If Presbyterians do not believe in the immaculate conception, then do they believe in the divinity of Jesus Christ or was he just one who led a holy life (i.e., a saint)?


As Presbyterians we believe the Bible, the Word of God, which is revealed in both the Old and New Testaments, is inerrant (without error) and infallible (it contains no mistakes) because it is inspired by God, who used men to write what he wanted to reveal about himself and the way of salvation. The main focus of this revelation is upon the one who came into the world to save sinners, namely Jesus Christ. All four gospels contain Jesus' own claim to be the Son of God, and therefore divine—e.g., Luke 22:70, "They all asked, 'Are you then the Son of God?' He replied, 'You are right in saying I am.'" Jesus himself claimed to be divine, fully God as well as fully man. Therefore, as Presbyterians, we believe his testimony and therefore in his divinity.

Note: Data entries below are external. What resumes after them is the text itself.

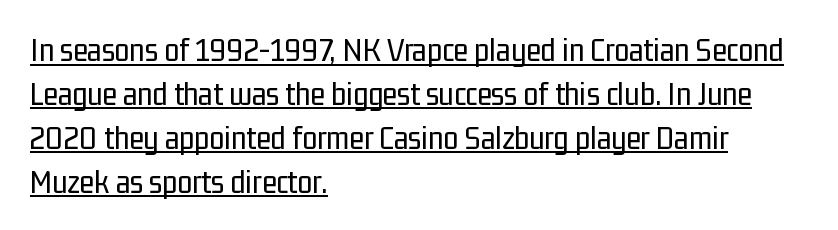
The strokes carry an ordinary text weight at most. The lines sit at an ordinary, default distance from one another. The typesetter has applied underlining to the passage shown. Caption: standard tracking, unaltered. This sample uses a sans-serif face. The lettering holds an erect, upright posture throughout.
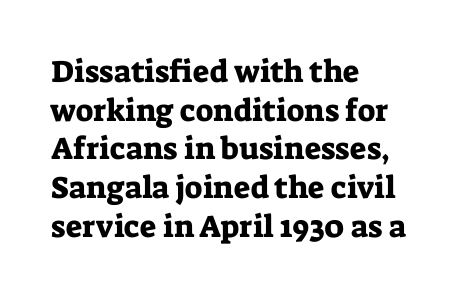
Q: Is the text italic (slanted)? A: No, it is upright.
Q: Is the typeface a serif or a sans-serif typeface? A: Serif.
Q: Is the text underlined? A: No.
Q: How is the paragraph aligned? A: Left-aligned.
Q: Is the spacing between letters normal or unusually wide? A: Normal.
Q: Is the spacing between lines tight, normal or loose? A: Normal.
Q: Width (condensed, normal, or wide)? A: Normal.
Q: Stroke contrast? A: Low.
Q: x-height? A: Medium.
Q: Monospaced? A: No.
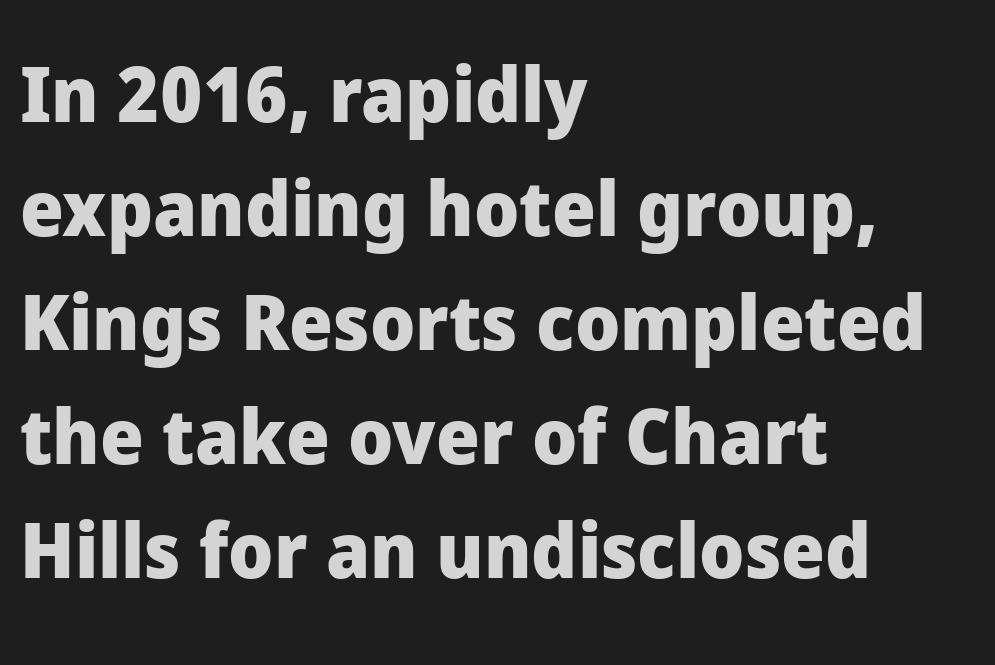
The image shows 77 px heavy sans-serif type, upright; set left-aligned, normal line spacing (1.48x), normal letter spacing, not underlined; low stroke contrast and a medium x-height.
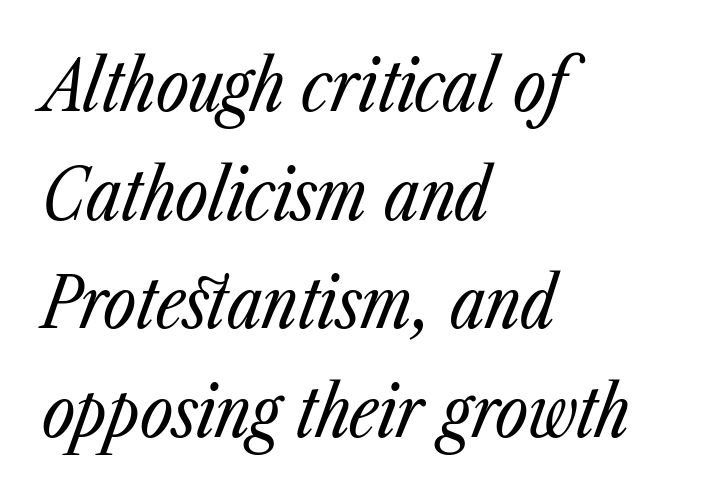
Does the leading feel generous? No, just average. Italic? Definitely — the glyphs are oblique. Descenders are the only things crossing below the line. These lines are set flush left with a ragged right edge. No chunkiness to these letters — they're not bold. The letters sit at their default tracking, neither squeezed nor spread.

One more matter needs to be mentioned. You seem to equate or confuse the Immaculate Conception of Mary with the Virgin Birth. It can be confusing but you need to know that, as Presbyterians, we reject the doctrine of the Immaculate Conception. The Bible nowhere teaches that Mary was without sin, which, as a former Catholic, I know is Roman Catholic teaching, official doctrine of that church. Rather, if you read the Magnificat in Luke 2 you will see that she called God her Savior—thus admitting she needed to be saved from her sin.

The doctrine of the Virgin Birth is the biblical doctrine that Jesus was born of Mary but conceived by the Holy Spirit—i.e., that Jesus had no human father, but rather, as the Son of God, was fathered by God the Holy Spirit.

About Q&A

"Questions and Answers" is a weekly feature of the OPC website. The answers come from individual ministers in the Orthodox Presbyterian Church expressing their own convictions and do not necessarily represent an "official" position of the Church, especially in areas where the Standards of the Church (the Scriptures and the Westminster Confession of Faith and Catechisms) are silent.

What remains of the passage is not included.